(Stored dataset items)
--- START ---

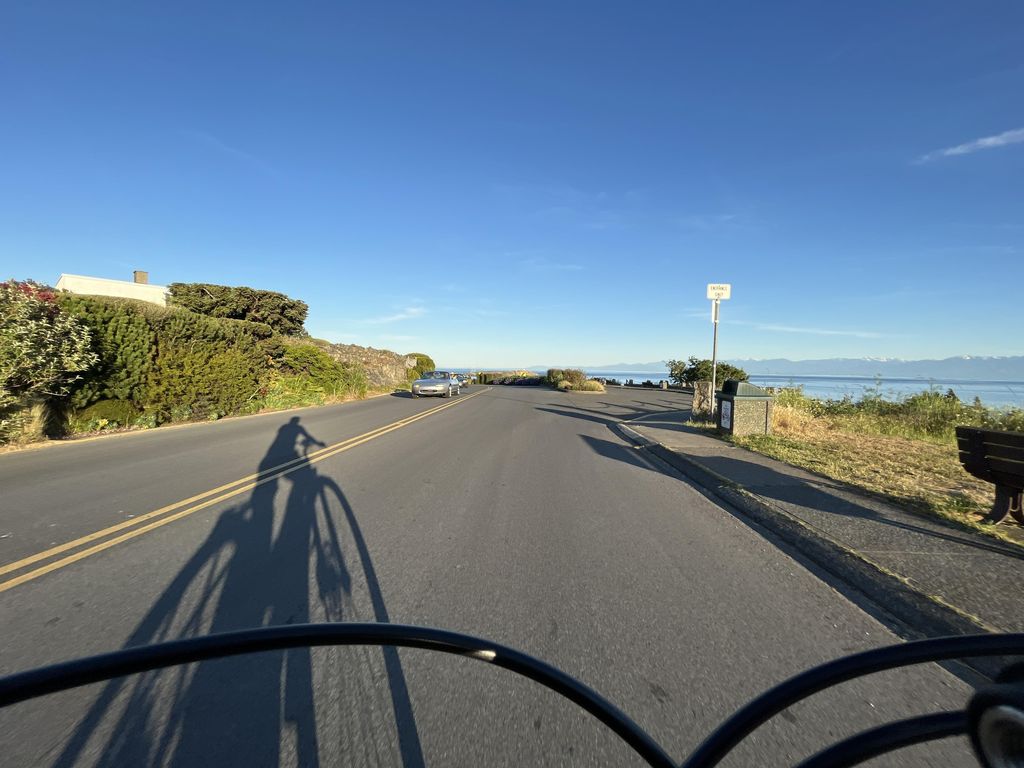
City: victoria
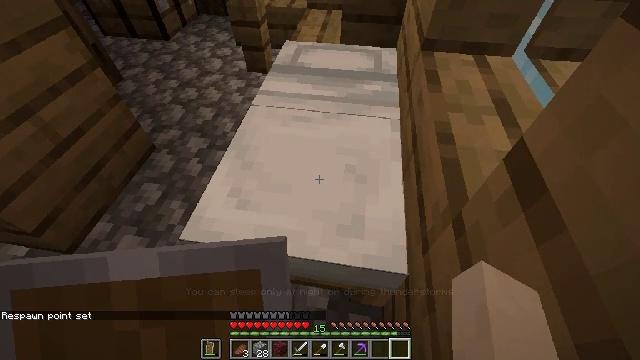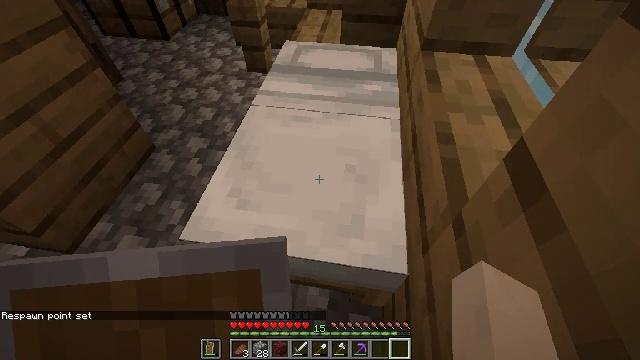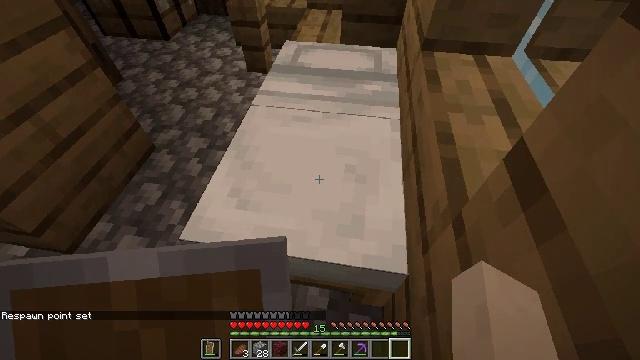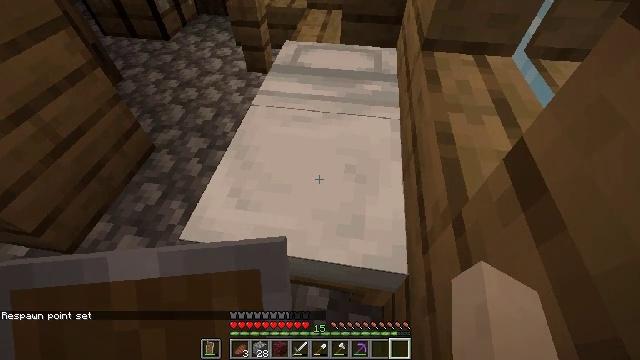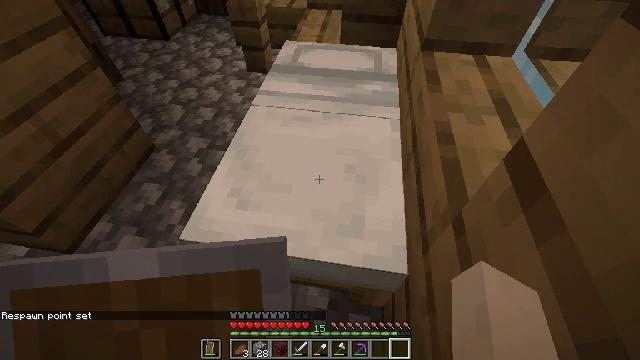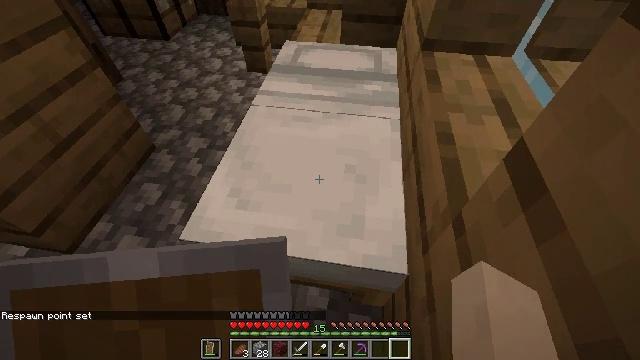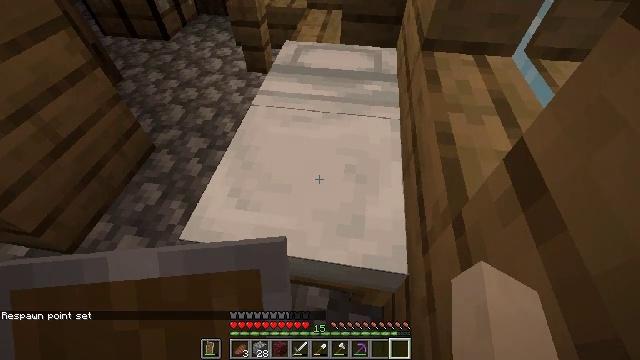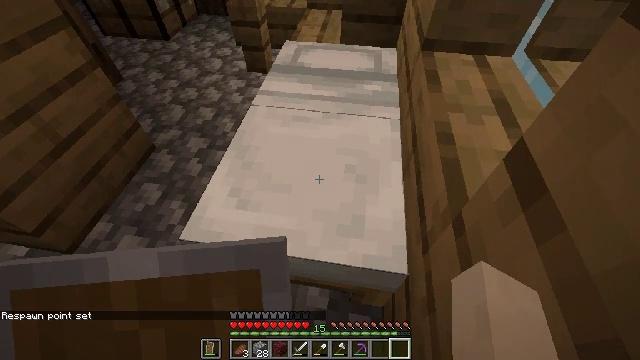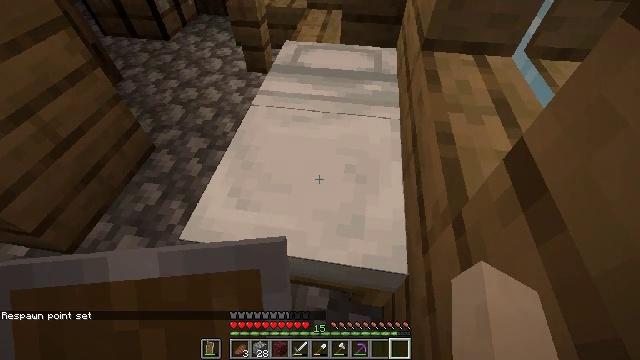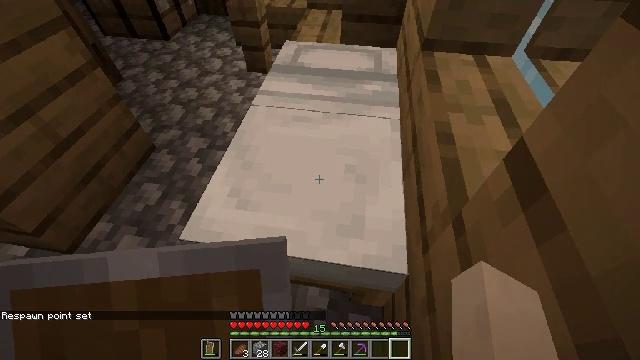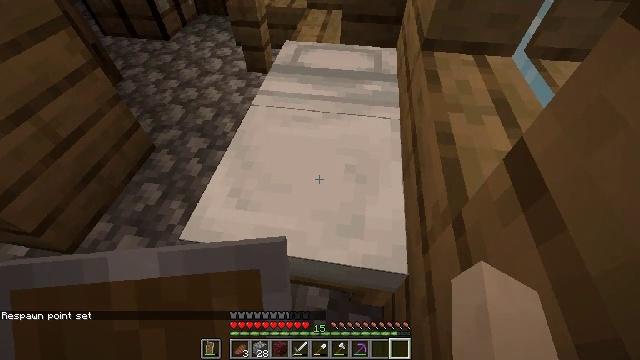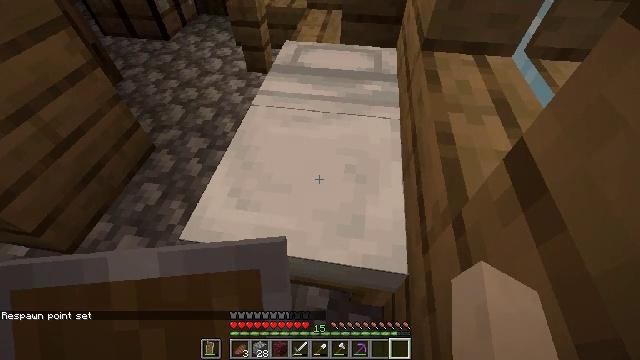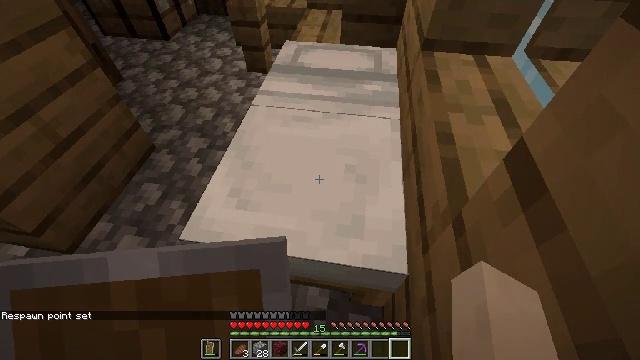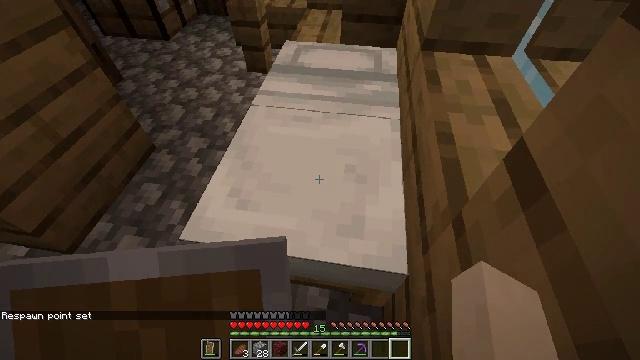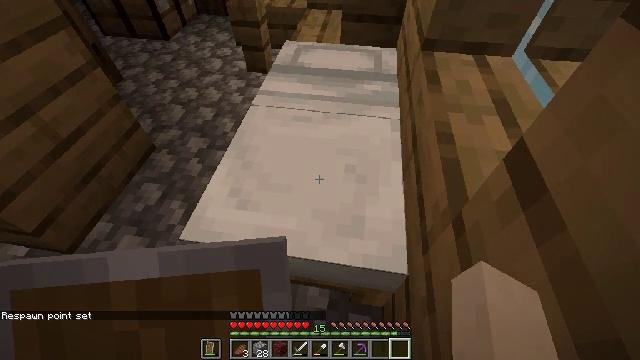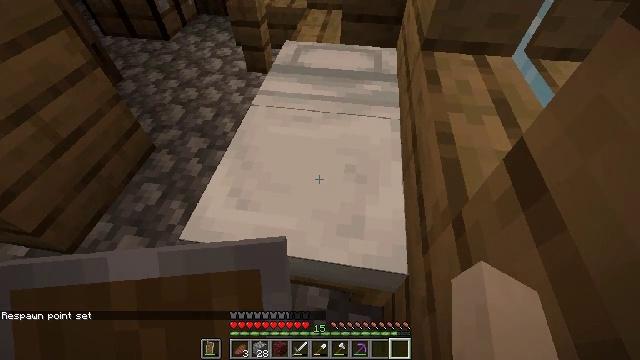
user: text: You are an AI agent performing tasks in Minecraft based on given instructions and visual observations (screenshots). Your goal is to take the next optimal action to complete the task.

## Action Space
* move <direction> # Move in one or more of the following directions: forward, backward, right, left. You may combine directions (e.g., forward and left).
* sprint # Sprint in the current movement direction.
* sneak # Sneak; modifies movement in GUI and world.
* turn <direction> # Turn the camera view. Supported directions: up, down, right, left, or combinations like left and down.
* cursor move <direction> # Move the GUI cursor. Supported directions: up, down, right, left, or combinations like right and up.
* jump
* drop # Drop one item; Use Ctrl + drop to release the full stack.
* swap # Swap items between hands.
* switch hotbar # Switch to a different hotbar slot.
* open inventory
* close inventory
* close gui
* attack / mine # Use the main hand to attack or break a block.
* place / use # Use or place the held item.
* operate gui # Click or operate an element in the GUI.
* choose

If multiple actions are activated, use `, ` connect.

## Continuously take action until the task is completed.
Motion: motion action
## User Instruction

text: Gather wheat by left-clicking on it.
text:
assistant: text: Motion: no_op
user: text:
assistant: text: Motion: no_op
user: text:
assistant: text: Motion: no_op
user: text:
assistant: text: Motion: no_op
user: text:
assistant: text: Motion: no_op
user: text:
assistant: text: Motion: no_op
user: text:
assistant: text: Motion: no_op
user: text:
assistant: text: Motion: no_op
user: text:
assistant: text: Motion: no_op
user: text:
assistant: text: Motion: no_op
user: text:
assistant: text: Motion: no_op
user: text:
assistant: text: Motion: no_op
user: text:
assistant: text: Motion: no_op
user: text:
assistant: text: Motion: no_op
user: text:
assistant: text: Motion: no_op
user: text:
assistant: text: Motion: no_op
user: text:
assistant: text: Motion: no_op
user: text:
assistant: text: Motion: no_op
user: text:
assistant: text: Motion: no_op
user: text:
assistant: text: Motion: no_op
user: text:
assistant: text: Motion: no_op
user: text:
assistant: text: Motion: no_op
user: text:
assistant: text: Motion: no_op
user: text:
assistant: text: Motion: no_op
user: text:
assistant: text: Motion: no_op
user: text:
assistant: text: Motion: use / place
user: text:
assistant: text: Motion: use / place
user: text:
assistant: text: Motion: use / place
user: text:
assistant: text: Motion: no_op
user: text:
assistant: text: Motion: no_op

--- END ---

■ DIRECTIONS: Your answer should be the lines from the opening of the records through the line with "the held item.", both ends retyped exactly and pictures left out.

■ WRITTEN RESPONSE:
City: victoria
user: text: You are an AI agent performing tasks in Minecraft based on given instructions and visual observations (screenshots). Your goal is to take the next optimal action to complete the task.

## Action Space
* move <direction> # Move in one or more of the following directions: forward, backward, right, left. You may combine directions (e.g., forward and left).
* sprint # Sprint in the current movement direction.
* sneak # Sneak; modifies movement in GUI and world.
* turn <direction> # Turn the camera view. Supported directions: up, down, right, left, or combinations like left and down.
* cursor move <direction> # Move the GUI cursor. Supported directions: up, down, right, left, or combinations like right and up.
* jump
* drop # Drop one item; Use Ctrl + drop to release the full stack.
* swap # Swap items between hands.
* switch hotbar # Switch to a different hotbar slot.
* open inventory
* close inventory
* close gui
* attack / mine # Use the main hand to attack or break a block.
* place / use # Use or place the held item.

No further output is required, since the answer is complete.